Ed's voice snickered. “Now you can never be sure we're not listening in, Colonel.”
Mustang rolled his eyes. “Very funny, Fullmetal.”
“Do you want me to call Winry, nii-san?”
“Oh, hey, Mirai, if someone's on speaker in the Colonel's office, can they hear us?”
“Probably. This is a new invention. Neither Mom nor I have ever tried it before.”

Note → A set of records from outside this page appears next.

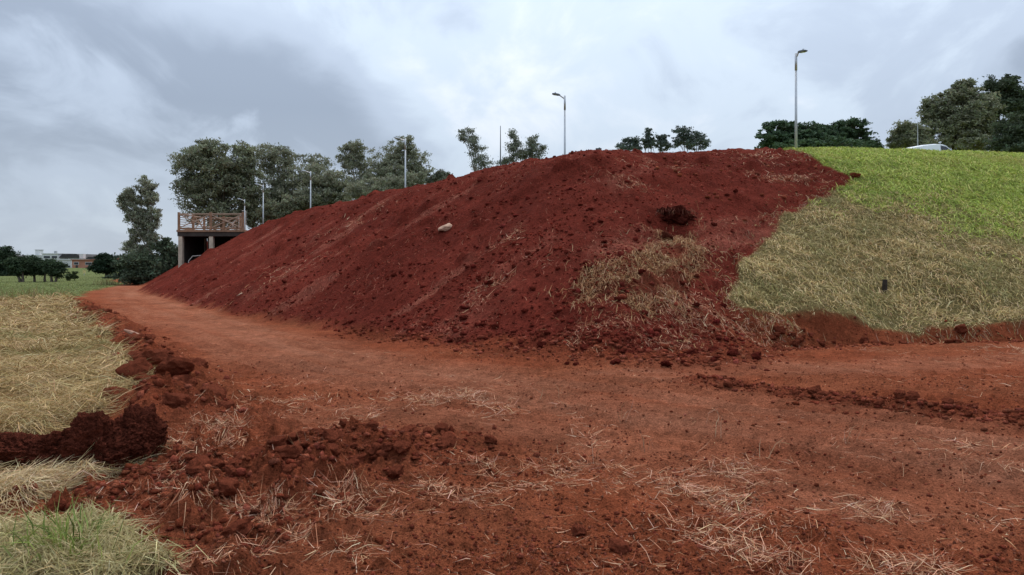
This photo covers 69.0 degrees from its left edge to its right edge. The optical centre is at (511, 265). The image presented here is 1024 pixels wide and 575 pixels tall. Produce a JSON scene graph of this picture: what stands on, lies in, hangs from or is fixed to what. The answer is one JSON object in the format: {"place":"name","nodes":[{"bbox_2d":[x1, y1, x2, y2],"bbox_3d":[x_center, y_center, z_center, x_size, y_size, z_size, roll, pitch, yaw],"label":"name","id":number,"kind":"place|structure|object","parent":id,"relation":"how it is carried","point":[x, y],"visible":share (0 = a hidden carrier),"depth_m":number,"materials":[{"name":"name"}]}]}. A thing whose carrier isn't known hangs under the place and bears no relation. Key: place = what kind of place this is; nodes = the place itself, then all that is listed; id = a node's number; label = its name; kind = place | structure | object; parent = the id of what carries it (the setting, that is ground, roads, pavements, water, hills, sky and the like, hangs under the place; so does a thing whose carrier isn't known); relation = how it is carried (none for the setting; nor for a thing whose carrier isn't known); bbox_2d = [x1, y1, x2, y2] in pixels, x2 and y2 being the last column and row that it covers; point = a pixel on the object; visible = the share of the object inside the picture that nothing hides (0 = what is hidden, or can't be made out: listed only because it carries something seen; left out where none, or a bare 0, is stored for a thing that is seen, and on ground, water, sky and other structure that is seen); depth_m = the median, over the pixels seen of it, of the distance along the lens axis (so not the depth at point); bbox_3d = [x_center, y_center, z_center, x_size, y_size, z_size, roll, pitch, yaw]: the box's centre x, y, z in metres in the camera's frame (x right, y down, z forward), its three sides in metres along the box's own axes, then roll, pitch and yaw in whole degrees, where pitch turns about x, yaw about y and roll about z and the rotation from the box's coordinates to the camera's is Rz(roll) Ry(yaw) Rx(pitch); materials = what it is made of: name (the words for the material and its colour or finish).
{"place":"outdoors","nodes":[
{"label":"outdoors","id":0,"kind":"place"},
{"bbox_2d":[0,268,128,299],"bbox_3d":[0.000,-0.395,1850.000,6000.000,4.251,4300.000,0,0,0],"label":"lawn","id":1,"kind":"structure","parent":0,"point":[86,275],"depth_m":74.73,"materials":[{"name":"plant"}]},
{"bbox_2d":[0,245,20,275],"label":"tree","id":2,"kind":"object","parent":1,"relation":"on","point":[6,252],"visible":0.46,"depth_m":109.72,"materials":[{"name":"green plant"}]},
{"bbox_2d":[1,254,35,281],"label":"lawn tree","id":3,"kind":"object","parent":1,"relation":"on","point":[18,267],"visible":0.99,"depth_m":73.62,"materials":[{"name":"green plant"}]},
{"bbox_2d":[24,254,41,281],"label":"lawn tree","id":4,"kind":"object","parent":1,"relation":"on","point":[31,273],"visible":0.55,"depth_m":74.71,"materials":[{"name":"green plant"}]},
{"bbox_2d":[34,257,56,281],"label":"lawn tree","id":5,"kind":"object","parent":1,"relation":"on","point":[39,265],"visible":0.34,"depth_m":74.58,"materials":[{"name":"green plant"}]},
{"bbox_2d":[41,259,68,281],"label":"lawn tree","id":6,"kind":"object","parent":1,"relation":"on","point":[56,270],"visible":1,"depth_m":73.64,"materials":[{"name":"green plant"}]},
{"bbox_2d":[41,251,68,259],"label":"house","id":7,"kind":"structure","parent":1,"relation":"on","point":[55,254],"depth_m":262.00,"materials":[{"name":"white concrete"}]},
{"bbox_2d":[55,259,71,267],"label":"house","id":8,"kind":"structure","parent":1,"relation":"on","point":[69,261],"depth_m":195.00,"materials":[{"name":"white concrete"}]},
{"bbox_2d":[65,271,79,280],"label":"young shrub","id":9,"kind":"object","parent":1,"relation":"on","point":[73,275],"visible":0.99,"depth_m":77.87,"materials":[{"name":"green plant"}]},
{"bbox_2d":[59,254,96,258],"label":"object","id":10,"kind":"structure","parent":1,"relation":"on","point":[69,256],"depth_m":261.60,"materials":[{"name":"grey tile"}]},
{"bbox_2d":[70,254,94,267],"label":"house","id":11,"kind":"structure","parent":1,"relation":"on","point":[82,261],"depth_m":190.00,"materials":[{"name":"brick"}]},
{"bbox_2d":[86,252,118,276],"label":"lawn tree","id":12,"kind":"object","parent":1,"relation":"on","point":[100,265],"visible":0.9,"depth_m":99.08,"materials":[{"name":"green plant"}]},
{"bbox_2d":[0,291,154,434],"bbox_3d":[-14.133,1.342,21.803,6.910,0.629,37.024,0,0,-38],"label":"dry grass","id":13,"kind":"structure","parent":0,"point":[55,352],"depth_m":10.57,"materials":[{"name":"plant"}]},
{"bbox_2d":[0,279,1023,574],"bbox_3d":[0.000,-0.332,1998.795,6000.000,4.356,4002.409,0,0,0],"label":"ground","id":14,"kind":"structure","parent":0,"point":[546,365],"depth_m":5.33,"materials":[{"name":"soil"}]},
{"bbox_2d":[0,431,46,471],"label":"soil lump","id":15,"kind":"object","parent":14,"relation":"on","point":[11,445],"visible":0.3,"depth_m":5.45,"materials":[{"name":"soil"}]},
{"bbox_2d":[22,430,68,470],"bbox_3d":[-3.446,1.427,5.687,0.541,0.381,0.584,0,0,21],"label":"soil lump","id":16,"kind":"object","parent":14,"relation":"on","point":[41,448],"visible":0.35,"depth_m":5.51,"materials":[{"name":"soil"}]},
{"bbox_2d":[0,440,173,513],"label":"straw band","id":17,"kind":"object","parent":14,"relation":"on","point":[23,475],"visible":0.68,"depth_m":5.16,"materials":[{"name":"plant"}]},
{"bbox_2d":[57,410,119,464],"bbox_3d":[-3.200,1.324,5.720,0.500,0.445,0.465,0,0,-29],"label":"soil lump","id":18,"kind":"object","parent":14,"relation":"on","point":[85,432],"visible":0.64,"depth_m":5.56,"materials":[{"name":"soil"}]},
{"bbox_2d":[0,491,176,573],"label":"grass tuft","id":19,"kind":"object","parent":14,"relation":"on","point":[59,531],"visible":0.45,"depth_m":3.81,"materials":[{"name":"plant"}]},
{"bbox_2d":[0,496,209,574],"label":"cut grass","id":20,"kind":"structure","parent":14,"relation":"on","point":[93,563],"depth_m":3.76,"materials":[{"name":"plant"}]},
{"bbox_2d":[92,448,134,469],"bbox_3d":[-3.011,1.456,5.640,0.281,0.188,0.320,0,0,9],"label":"soil lump","id":21,"kind":"object","parent":14,"relation":"on","point":[113,456],"visible":0.73,"depth_m":5.54,"materials":[{"name":"soil"}]},
{"bbox_2d":[101,386,126,398],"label":"soil clod","id":22,"kind":"object","parent":14,"relation":"on","point":[113,389],"visible":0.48,"depth_m":8.20,"materials":[{"name":"soil"}]},
{"bbox_2d":[124,350,140,360],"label":"soil clod","id":23,"kind":"object","parent":14,"relation":"on","point":[133,353],"visible":0.27,"depth_m":11.65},
{"bbox_2d":[122,332,145,343],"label":"soil clod","id":24,"kind":"object","parent":14,"relation":"on","point":[137,336],"visible":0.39,"depth_m":14.40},
{"bbox_2d":[115,357,153,379],"bbox_3d":[-4.818,1.365,9.510,0.450,0.277,0.310,-9,25,-20],"label":"soil clod","id":25,"kind":"object","parent":14,"relation":"on","point":[138,365],"visible":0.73,"depth_m":9.46,"materials":[{"name":"soil"}]},
{"bbox_2d":[106,403,169,460],"bbox_3d":[-2.917,1.302,5.813,0.448,0.442,0.499,0,0,-11],"label":"soil lump","id":26,"kind":"object","parent":14,"relation":"on","point":[141,432],"visible":0.87,"depth_m":5.71,"materials":[{"name":"soil"}]},
{"bbox_2d":[107,237,177,284],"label":"dense bush","id":27,"kind":"object","parent":14,"relation":"on","point":[142,267],"visible":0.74,"depth_m":59.76,"materials":[{"name":"green plant"}]},
{"bbox_2d":[134,372,150,383],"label":"soil clod","id":28,"kind":"object","parent":14,"relation":"on","point":[143,375],"visible":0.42,"depth_m":9.26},
{"bbox_2d":[132,349,168,367],"bbox_3d":[-5.069,1.340,10.418,0.530,0.276,0.406,-24,-21,23],"label":"soil clod","id":29,"kind":"object","parent":14,"relation":"on","point":[158,357],"visible":0.45,"depth_m":10.30,"materials":[{"name":"soil"}]},
{"bbox_2d":[156,354,194,377],"bbox_3d":[-4.047,1.254,9.012,0.373,0.280,0.493,4,-18,22],"label":"soil clod","id":30,"kind":"object","parent":14,"relation":"on","point":[172,365],"visible":0.9,"depth_m":8.86,"materials":[{"name":"soil"}]},
{"bbox_2d":[160,392,190,407],"bbox_3d":[-3.404,1.379,7.512,0.272,0.215,0.284,-19,-35,41],"label":"soil clod","id":31,"kind":"object","parent":14,"relation":"on","point":[174,400],"visible":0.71,"depth_m":7.43,"materials":[{"name":"soil"}]},
{"bbox_2d":[172,375,197,384],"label":"soil clod","id":32,"kind":"object","parent":14,"relation":"on","point":[185,379],"visible":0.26,"depth_m":8.55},
{"bbox_2d":[185,453,201,462],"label":"soil clod","id":33,"kind":"object","parent":14,"relation":"on","point":[189,457],"visible":0.52,"depth_m":5.33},
{"bbox_2d":[185,455,210,474],"bbox_3d":[-2.139,1.368,5.061,0.161,0.098,0.202,-20,16,-1],"label":"soil clod","id":34,"kind":"object","parent":14,"relation":"on","point":[192,467],"visible":0.91,"depth_m":5.03,"materials":[{"name":"soil"}]},
{"bbox_2d":[191,358,206,368],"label":"soil clod","id":35,"kind":"object","parent":14,"relation":"on","point":[198,361],"visible":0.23,"depth_m":11.38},
{"bbox_2d":[199,476,209,485],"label":"soil clod","id":36,"kind":"object","parent":14,"relation":"on","point":[204,480],"visible":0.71,"depth_m":4.79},
{"bbox_2d":[199,383,227,399],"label":"soil clod","id":37,"kind":"object","parent":14,"relation":"on","point":[219,390],"visible":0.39,"depth_m":8.29,"materials":[{"name":"soil"}]},
{"bbox_2d":[210,458,225,469],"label":"soil clod","id":38,"kind":"object","parent":14,"relation":"on","point":[218,463],"visible":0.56,"depth_m":5.21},
{"bbox_2d":[213,478,239,497],"bbox_3d":[-1.868,1.453,4.862,0.157,0.136,0.182,18,-22,-32],"label":"soil clod","id":39,"kind":"object","parent":14,"relation":"on","point":[226,487],"visible":0.92,"depth_m":4.81,"materials":[{"name":"soil"}]},
{"bbox_2d":[217,400,235,410],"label":"soil clod","id":40,"kind":"object","parent":14,"relation":"on","point":[227,405],"visible":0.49,"depth_m":7.77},
{"bbox_2d":[225,468,236,475],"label":"soil clod","id":41,"kind":"object","parent":14,"relation":"on","point":[231,471],"visible":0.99,"depth_m":5.06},
{"bbox_2d":[220,518,253,536],"bbox_3d":[-1.616,1.546,4.375,0.188,0.093,0.187,-21,-5,-14],"label":"soil clod","id":42,"kind":"object","parent":14,"relation":"on","point":[241,526],"visible":0.77,"depth_m":4.32,"materials":[{"name":"soil"}]},
{"bbox_2d":[271,434,285,447],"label":"soil clod","id":43,"kind":"object","parent":14,"relation":"on","point":[279,440],"visible":0.84,"depth_m":5.79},
{"bbox_2d":[273,445,302,459],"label":"soil clod","id":44,"kind":"object","parent":14,"relation":"on","point":[288,451],"visible":0.75,"depth_m":5.50,"materials":[{"name":"soil"}]},
{"bbox_2d":[282,463,294,474],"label":"soil clod","id":45,"kind":"object","parent":14,"relation":"on","point":[288,469],"visible":0.91,"depth_m":5.18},
{"bbox_2d":[285,432,297,444],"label":"soil clod","id":46,"kind":"object","parent":14,"relation":"on","point":[292,435],"visible":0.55,"depth_m":5.95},
{"bbox_2d":[292,440,310,448],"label":"soil clod","id":47,"kind":"object","parent":14,"relation":"on","point":[304,444],"visible":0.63,"depth_m":5.67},
{"bbox_2d":[322,429,339,438],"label":"soil clod","id":48,"kind":"object","parent":14,"relation":"on","point":[330,433],"visible":0.59,"depth_m":6.23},
{"bbox_2d":[328,443,340,455],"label":"soil clod","id":49,"kind":"object","parent":14,"relation":"on","point":[334,449],"visible":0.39,"depth_m":5.81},
{"bbox_2d":[346,458,359,467],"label":"soil clod","id":50,"kind":"object","parent":14,"relation":"on","point":[355,461],"visible":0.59,"depth_m":5.53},
{"bbox_2d":[347,453,366,462],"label":"soil clod","id":51,"kind":"object","parent":14,"relation":"on","point":[361,457],"visible":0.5,"depth_m":5.88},
{"bbox_2d":[365,421,378,431],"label":"soil clod","id":52,"kind":"object","parent":14,"relation":"on","point":[373,425],"visible":0.83,"depth_m":6.55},
{"bbox_2d":[367,442,381,455],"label":"soil clod","id":53,"kind":"object","parent":14,"relation":"on","point":[375,447],"visible":0.55,"depth_m":5.97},
{"bbox_2d":[375,449,388,458],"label":"soil clod","id":54,"kind":"object","parent":14,"relation":"on","point":[381,452],"visible":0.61,"depth_m":5.91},
{"bbox_2d":[381,442,393,451],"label":"soil clod","id":55,"kind":"object","parent":54,"relation":"on","point":[387,446],"visible":0.8,"depth_m":5.92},
{"bbox_2d":[387,465,403,478],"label":"soil clod","id":56,"kind":"object","parent":14,"relation":"on","point":[395,471],"visible":0.82,"depth_m":5.56,"materials":[{"name":"soil"}]},
{"bbox_2d":[393,440,410,453],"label":"soil clod","id":57,"kind":"object","parent":14,"relation":"on","point":[401,446],"visible":1,"depth_m":5.86,"materials":[{"name":"soil"}]},
{"bbox_2d":[434,422,448,431],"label":"soil clod","id":58,"kind":"object","parent":14,"relation":"on","point":[440,426],"visible":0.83,"depth_m":6.63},
{"bbox_2d":[441,431,456,447],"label":"soil clod","id":59,"kind":"object","parent":14,"relation":"on","point":[449,438],"visible":0.91,"depth_m":6.31,"materials":[{"name":"soil"}]},
{"bbox_2d":[484,435,496,443],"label":"soil clod","id":60,"kind":"object","parent":14,"relation":"on","point":[491,439],"visible":0.97,"depth_m":6.44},
{"bbox_2d":[0,148,1023,574],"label":"soil crumbs","id":61,"kind":"object","parent":14,"relation":"on","point":[240,472],"visible":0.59,"depth_m":7.79,"materials":[{"name":"soil"}]},
{"bbox_2d":[162,384,862,463],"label":"dead stalks","id":62,"kind":"object","parent":14,"relation":"on","point":[641,435],"visible":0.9,"depth_m":6.61,"materials":[{"name":"plant"}]},
{"bbox_2d":[16,149,1023,574],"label":"loose straw","id":63,"kind":"object","parent":14,"relation":"on","point":[696,491],"visible":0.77,"depth_m":5.10,"materials":[{"name":"plant"}]},
{"bbox_2d":[69,149,1023,574],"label":"soil grains","id":64,"kind":"object","parent":14,"relation":"on","point":[559,545],"visible":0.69,"depth_m":5.54},
{"bbox_2d":[571,523,586,535],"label":"soil clod","id":65,"kind":"object","parent":14,"relation":"on","point":[578,529],"visible":0.94,"depth_m":4.39,"materials":[{"name":"soil"}]},
{"bbox_2d":[608,537,628,554],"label":"soil clod","id":66,"kind":"object","parent":14,"relation":"on","point":[618,546],"visible":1,"depth_m":4.12,"materials":[{"name":"soil"}]},
{"bbox_2d":[727,349,737,355],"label":"soil clod","id":67,"kind":"object","parent":14,"relation":"on","point":[732,352],"visible":1,"depth_m":12.41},
{"bbox_2d":[893,389,905,398],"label":"soil clod","id":68,"kind":"object","parent":14,"relation":"on","point":[898,393],"visible":0.91,"depth_m":8.23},
{"bbox_2d":[903,391,919,400],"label":"soil clod","id":69,"kind":"object","parent":14,"relation":"on","point":[912,395],"visible":1,"depth_m":8.12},
{"bbox_2d":[941,397,954,404],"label":"soil clod","id":70,"kind":"object","parent":14,"relation":"on","point":[948,400],"visible":0.92,"depth_m":7.90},
{"bbox_2d":[0,0,1023,254],"label":"sky","id":71,"kind":"structure","parent":0,"point":[96,96],"materials":[{"name":"grey"}]},
{"bbox_2d":[99,285,1023,503],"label":"dirt track","id":72,"kind":"structure","parent":0,"point":[244,341],"depth_m":8.45,"materials":[{"name":"soil"}]},
{"bbox_2d":[139,147,1021,353],"bbox_3d":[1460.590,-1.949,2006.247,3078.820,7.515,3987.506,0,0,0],"label":"embankment","id":73,"kind":"structure","parent":0,"point":[532,181],"depth_m":21.03,"materials":[{"name":"soil"}]},
{"bbox_2d":[113,175,162,254],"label":"eucalyptus tree","id":74,"kind":"object","parent":73,"relation":"on","point":[142,219],"visible":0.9,"depth_m":65.70,"materials":[{"name":"green plant"}]},
{"bbox_2d":[176,212,247,267],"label":"lookout deck","id":75,"kind":"structure","parent":73,"relation":"on","point":[193,241],"depth_m":49.08,"materials":[{"name":"concrete"}]},
{"bbox_2d":[166,137,273,229],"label":"broad tree","id":76,"kind":"object","parent":73,"relation":"on","point":[230,178],"visible":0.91,"depth_m":99.42,"materials":[{"name":"green plant"}]},
{"bbox_2d":[247,142,334,224],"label":"broad tree","id":77,"kind":"object","parent":73,"relation":"on","point":[283,182],"visible":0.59,"depth_m":104.06,"materials":[{"name":"green plant"}]},
{"bbox_2d":[256,185,353,220],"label":"bush","id":78,"kind":"object","parent":73,"relation":"on","point":[275,210],"visible":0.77,"depth_m":96.29,"materials":[{"name":"green plant"}]},
{"bbox_2d":[285,161,354,208],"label":"broad tree","id":79,"kind":"object","parent":73,"relation":"on","point":[326,179],"visible":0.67,"depth_m":97.00,"materials":[{"name":"green plant"}]},
{"bbox_2d":[335,139,375,198],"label":"eucalyptus tree","id":80,"kind":"object","parent":73,"relation":"on","point":[353,158],"visible":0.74,"depth_m":91.53,"materials":[{"name":"green plant"}]},
{"bbox_2d":[341,169,427,199],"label":"bush","id":81,"kind":"object","parent":73,"relation":"on","point":[395,183],"visible":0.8,"depth_m":85.47,"materials":[{"name":"green plant"}]},
{"bbox_2d":[363,134,435,188],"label":"upright tree","id":82,"kind":"object","parent":73,"relation":"on","point":[395,160],"visible":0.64,"depth_m":94.41,"materials":[{"name":"green plant"}]},
{"bbox_2d":[424,169,452,183],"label":"bush","id":83,"kind":"object","parent":73,"relation":"on","point":[439,174],"visible":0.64,"depth_m":69.42,"materials":[{"name":"green plant"}]},
{"bbox_2d":[438,223,451,230],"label":"pale stone","id":84,"kind":"object","parent":73,"relation":"on","point":[447,227],"visible":1,"depth_m":22.16,"materials":[{"name":"stone"}]},
{"bbox_2d":[145,149,804,349],"bbox_3d":[-4.564,-1.507,33.549,19.292,6.456,42.056,0,0,-40],"label":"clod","id":85,"kind":"object","parent":73,"relation":"on","point":[518,263],"visible":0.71,"depth_m":19.20,"materials":[{"name":"soil"}]},
{"bbox_2d":[456,126,494,170],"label":"eucalyptus tree","id":86,"kind":"object","parent":73,"relation":"on","point":[472,139],"visible":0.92,"depth_m":61.97,"materials":[{"name":"green plant"}]},
{"bbox_2d":[495,128,524,165],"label":"eucalyptus tree","id":87,"kind":"object","parent":73,"relation":"on","point":[516,144],"visible":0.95,"depth_m":61.85,"materials":[{"name":"green plant"}]},
{"bbox_2d":[512,133,548,160],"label":"eucalyptus tree","id":88,"kind":"object","parent":73,"relation":"on","point":[533,146],"visible":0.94,"depth_m":61.65,"materials":[{"name":"green plant"}]},
{"bbox_2d":[552,92,565,153],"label":"street lamp","id":89,"kind":"object","parent":73,"relation":"on","point":[557,94],"visible":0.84,"depth_m":42.95,"materials":[{"name":"metal"}]},
{"bbox_2d":[538,185,742,349],"bbox_3d":[3.081,-0.448,17.125,4.363,3.903,9.388,0,0,18],"label":"dry grass patch","id":90,"kind":"object","parent":73,"relation":"on","point":[677,241],"visible":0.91,"depth_m":15.78,"materials":[{"name":"plant"}]},
{"bbox_2d":[632,127,655,151],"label":"distant tree","id":91,"kind":"object","parent":73,"relation":"on","point":[648,141],"visible":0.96,"depth_m":129.78,"materials":[{"name":"green plant"}]},
{"bbox_2d":[652,132,671,151],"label":"distant tree","id":92,"kind":"object","parent":73,"relation":"on","point":[661,141],"visible":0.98,"depth_m":129.50,"materials":[{"name":"green plant"}]},
{"bbox_2d":[662,231,673,239],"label":"soil clod","id":93,"kind":"object","parent":73,"relation":"on","point":[668,235],"visible":0.93,"depth_m":18.46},
{"bbox_2d":[656,205,697,224],"bbox_3d":[4.501,-1.253,20.570,1.659,0.830,1.291,0,0,0],"label":"turf lump","id":94,"kind":"object","parent":73,"relation":"on","point":[680,214],"visible":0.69,"depth_m":20.26,"materials":[{"name":"soil"}]},
{"bbox_2d":[771,325,785,334],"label":"soil clod","id":95,"kind":"object","parent":73,"relation":"on","point":[781,329],"visible":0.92,"depth_m":15.21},
{"bbox_2d":[666,125,710,151],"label":"distant tree","id":96,"kind":"object","parent":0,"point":[688,140],"visible":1,"depth_m":129.27,"materials":[{"name":"green plant"}]},
{"bbox_2d":[721,149,1023,342],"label":"grass slope","id":97,"kind":"structure","parent":0,"point":[812,319],"depth_m":18.65,"materials":[{"name":"plant"}]},
{"bbox_2d":[614,135,639,150],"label":"distant tree","id":98,"kind":"object","parent":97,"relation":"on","point":[623,144],"visible":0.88,"depth_m":129.16,"materials":[{"name":"green plant"}]},
{"bbox_2d":[795,49,807,147],"bbox_3d":[13.866,-7.508,35.785,0.280,5.728,0.649,0,0,-33],"label":"street lamp","id":99,"kind":"object","parent":97,"relation":"on","point":[800,51],"visible":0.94,"depth_m":35.95,"materials":[{"name":"metal"}]},
{"bbox_2d":[754,116,884,148],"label":"spreading tree","id":100,"kind":"object","parent":97,"relation":"on","point":[843,132],"visible":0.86,"depth_m":80.75,"materials":[{"name":"green plant"}]},
{"bbox_2d":[694,148,1023,346],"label":"hanging roots","id":101,"kind":"object","parent":97,"relation":"hanging from","point":[796,313],"visible":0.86,"depth_m":16.46,"materials":[{"name":"plant"}]},
{"bbox_2d":[783,146,1023,265],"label":"green slope grass","id":102,"kind":"structure","parent":97,"relation":"on","point":[884,153],"depth_m":25.65,"materials":[{"name":"plant"}]},
{"bbox_2d":[884,118,940,148],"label":"tree","id":103,"kind":"object","parent":97,"relation":"on","point":[903,134],"visible":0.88,"depth_m":79.15,"materials":[{"name":"green plant"}]},
{"bbox_2d":[908,144,951,150],"bbox_3d":[21.770,-5.431,39.128,4.350,1.780,2.200,0,0,-3],"label":"van","id":104,"kind":"object","parent":97,"relation":"on","point":[939,147],"visible":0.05,"depth_m":38.42,"materials":[{"name":"white paint"}]},
{"bbox_2d":[954,323,967,332],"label":"soil clod","id":105,"kind":"object","parent":97,"relation":"on","point":[961,328],"visible":1,"depth_m":16.43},
{"bbox_2d":[916,77,1007,150],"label":"broad tree","id":106,"kind":"object","parent":97,"relation":"on","point":[964,126],"visible":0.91,"depth_m":83.53,"materials":[{"name":"green plant"}]},
{"bbox_2d":[979,111,1023,152],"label":"bush","id":107,"kind":"object","parent":97,"relation":"on","point":[1011,139],"visible":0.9,"depth_m":71.34,"materials":[{"name":"green plant"}]},
{"bbox_2d":[979,73,1023,123],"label":"broad tree","id":108,"kind":"object","parent":97,"relation":"on","point":[1008,87],"visible":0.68,"depth_m":86.90,"materials":[{"name":"green plant"}]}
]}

“Yeah, Al. Could you call Winry and put her on speaker?”
“Sure, nii-san.”
The suit of armor glanced at Colonel Mustang, who nodded and handed the phone over. Al dialed a number and waited.
“Yes, Winry?”
Pause.
“No, I'm fine. As far as I know, nii-san's fine too.”
Another pause.
“Can I put you on speaker so he can talk to you?”
Yet another pause.
“Because he's not here.”
Pause. Again. Just not as long as the others.
Al nodded, reached over, and hit the 'speaker' button.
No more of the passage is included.